Why does a long Read LCA puts everything in unassigned?

coconut21 · October 16, 2018, 6:20pm

I am working with reads from oxford nanopore sequencing data. They are longer reads but lower quality.
After running a diamond blastx with long read setting, I want to use MEGAN’s LCA algorithm to assign each read a taxa and a function then explore this data in KEGG.

I have tried working with .daa and .m8 files.
I have played around with reducing the LCA params but I’m not sure what they all mean.
Even when I input what I think are more lenient params, every read is put into the Not Assigned group.
This is odd since the blastx has assigned a taxa and a protein name to the reads.

caner · October 17, 2018, 9:35am

Hi,

Can you please post the set of parameters you used if you ran it from the commandline, or a screenshot of the LCA parameters of the import/meganize dialog?

Have you specified the correct mapping files for Taxonomy and KEGG (prot_acc2tax-June2018X1.abin and acc2kegg-Dec2017X1-ue.abin from http://ab.inf.uni-tuebingen.de/data/software/megan6/download/welcome.html)?

Best,
Caner

coconut21 · October 17, 2018, 8:57pm

Thanks for pointing me in the right direction. I wasn’t uploading the correct mapping files.

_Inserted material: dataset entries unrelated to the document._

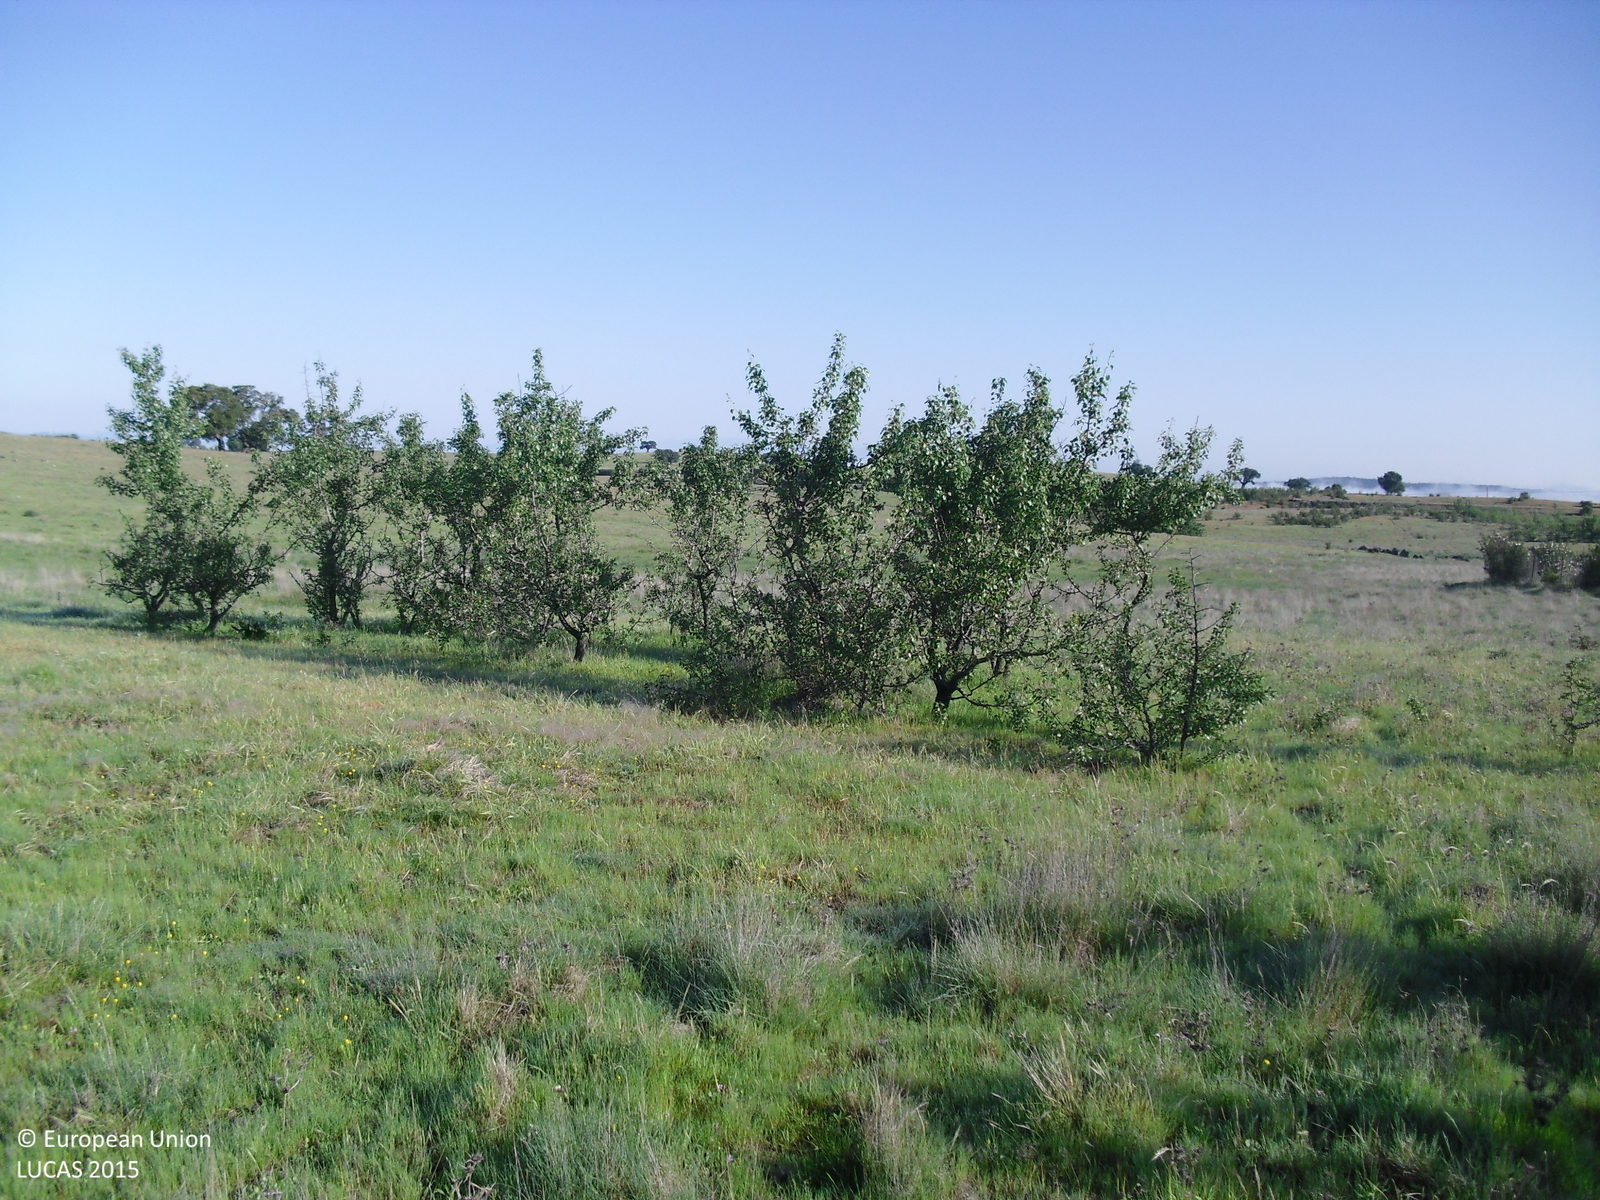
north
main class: Grassland
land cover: Grassland with sparse tree/shrub cover
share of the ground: > 75 %
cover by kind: herbaceous plants 90 %, broadleaved forest trees 5 %, shrubs 5 %
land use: Agriculture (excluding fallow land and kitchen gardens)
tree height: < 5 m
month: April
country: ES
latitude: 39.6284
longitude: -7.4656
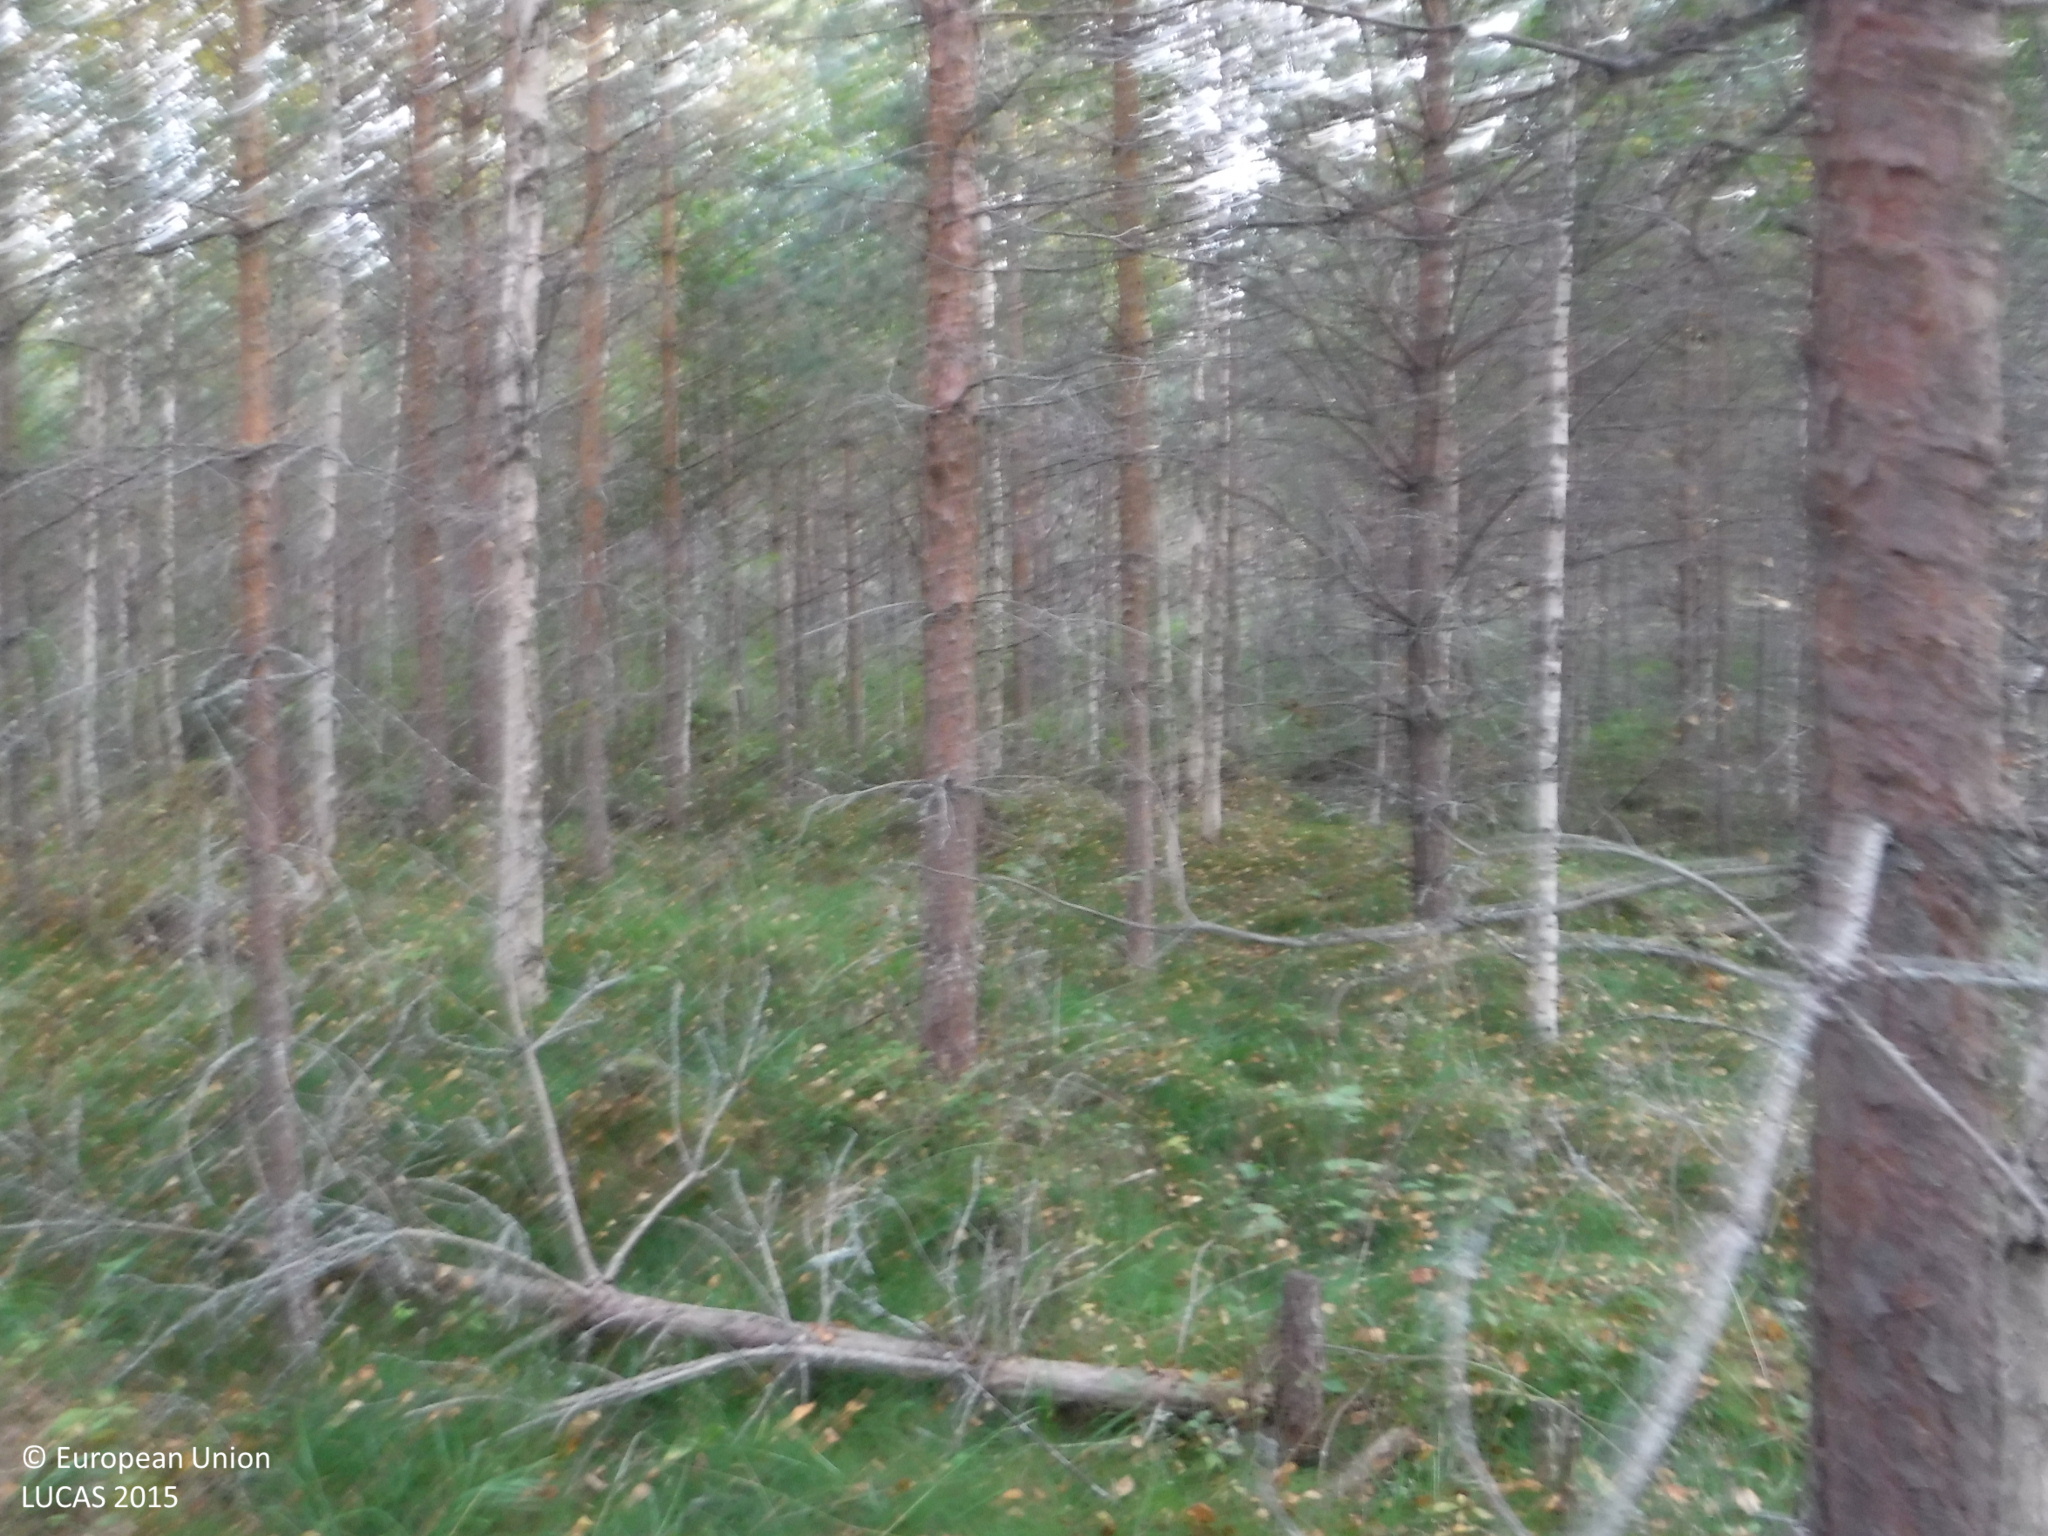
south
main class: Woodland
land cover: Pine dominated mixed woodland
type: boreal forest
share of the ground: > 75 %
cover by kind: coniferous forest trees 40 %, broadleaved forest trees 40 %, herbaceous plants 20 %
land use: Forestry
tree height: > 5 m
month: August
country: FI
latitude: 61.1467
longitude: 23.0218
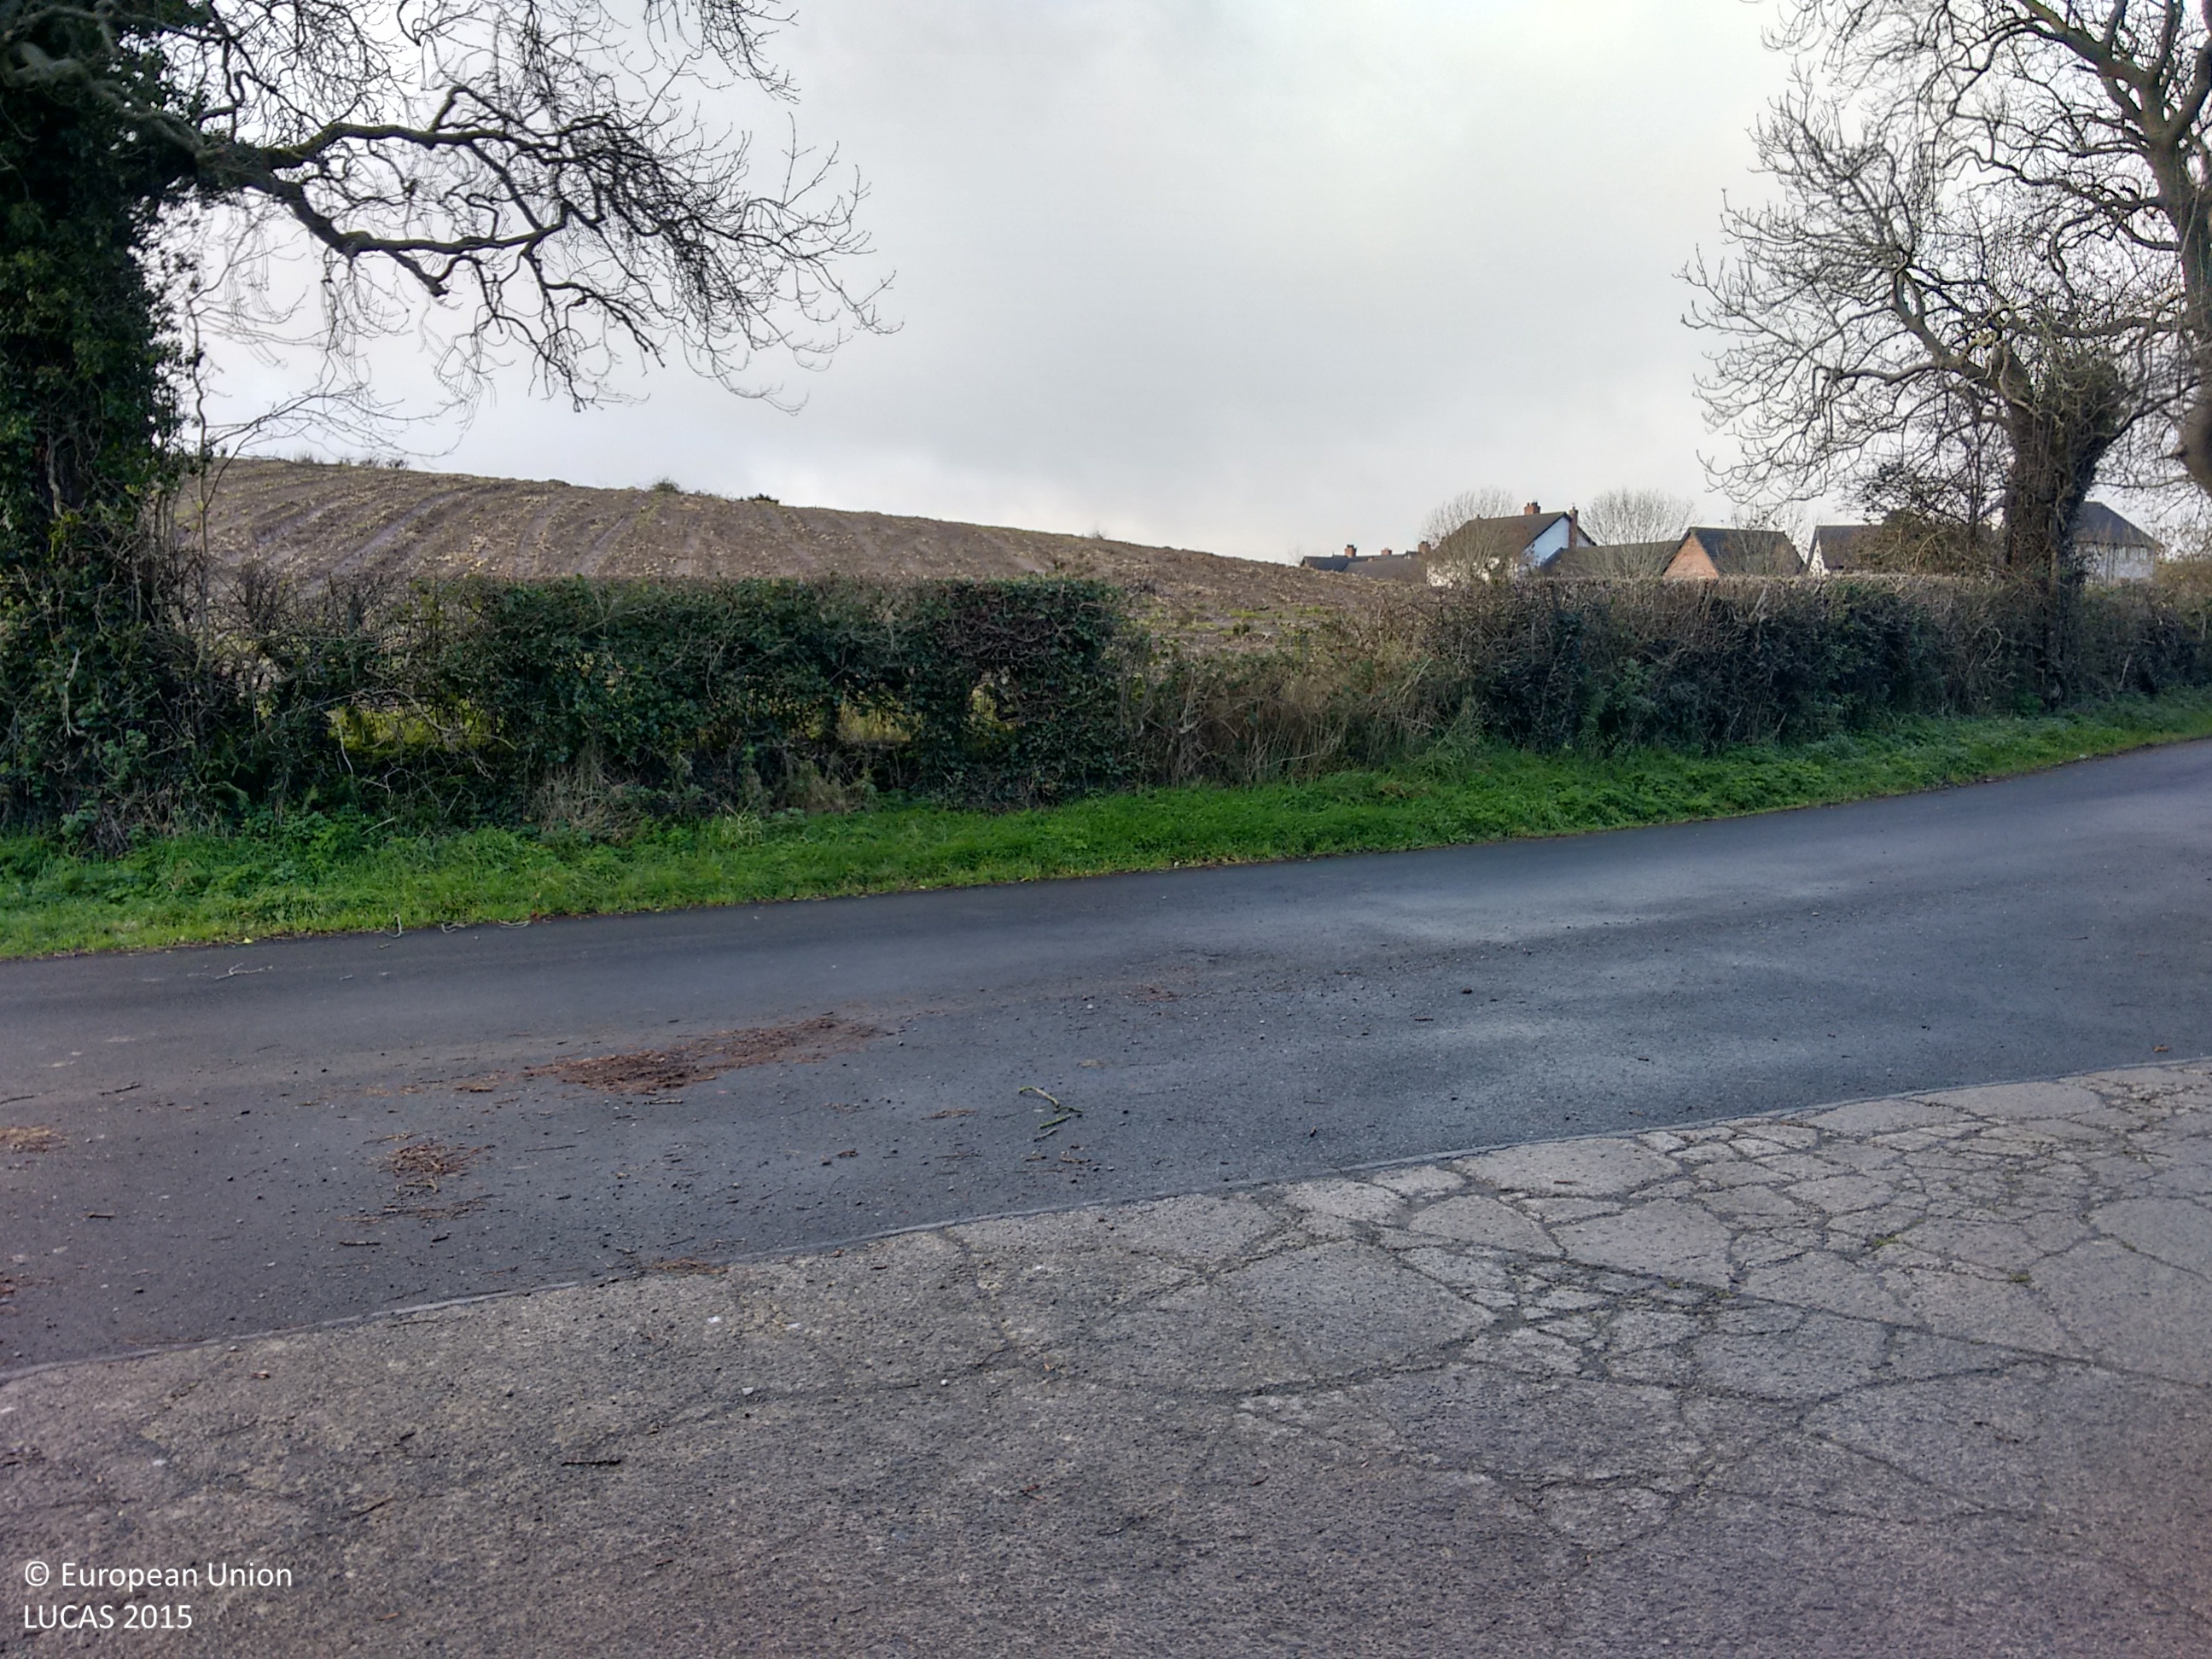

I added a screen shot of the parameters I used.
My blast results have a lot of gaps and mismatches (probably due to the long error prone nanopore reads).
Would these setting be more lenient for such reads?

caner · October 17, 2018, 9:16pm

Hi,

I wouldn’t worry about min score, max expected, and min percent identity as there are more advanced filters for long-reads, which will filter-out bad alignments anyways (since your input is DAA, these are probably already filtered by DIAMOND…).

Percent-to-cover set to 50 doesn’t sound good, though. It’ll be very strict, meaning the assignments you’ll get will likely be very correct, although they will be very unspecific (at higher levels of taxonomy). For a good balance between specificity and sensitivity, we suggest something around 80%. If your dataset consists of organisms very well studied, you can go even higher, otherwise something around 70% might make more sense (in exchange of lowering specifity).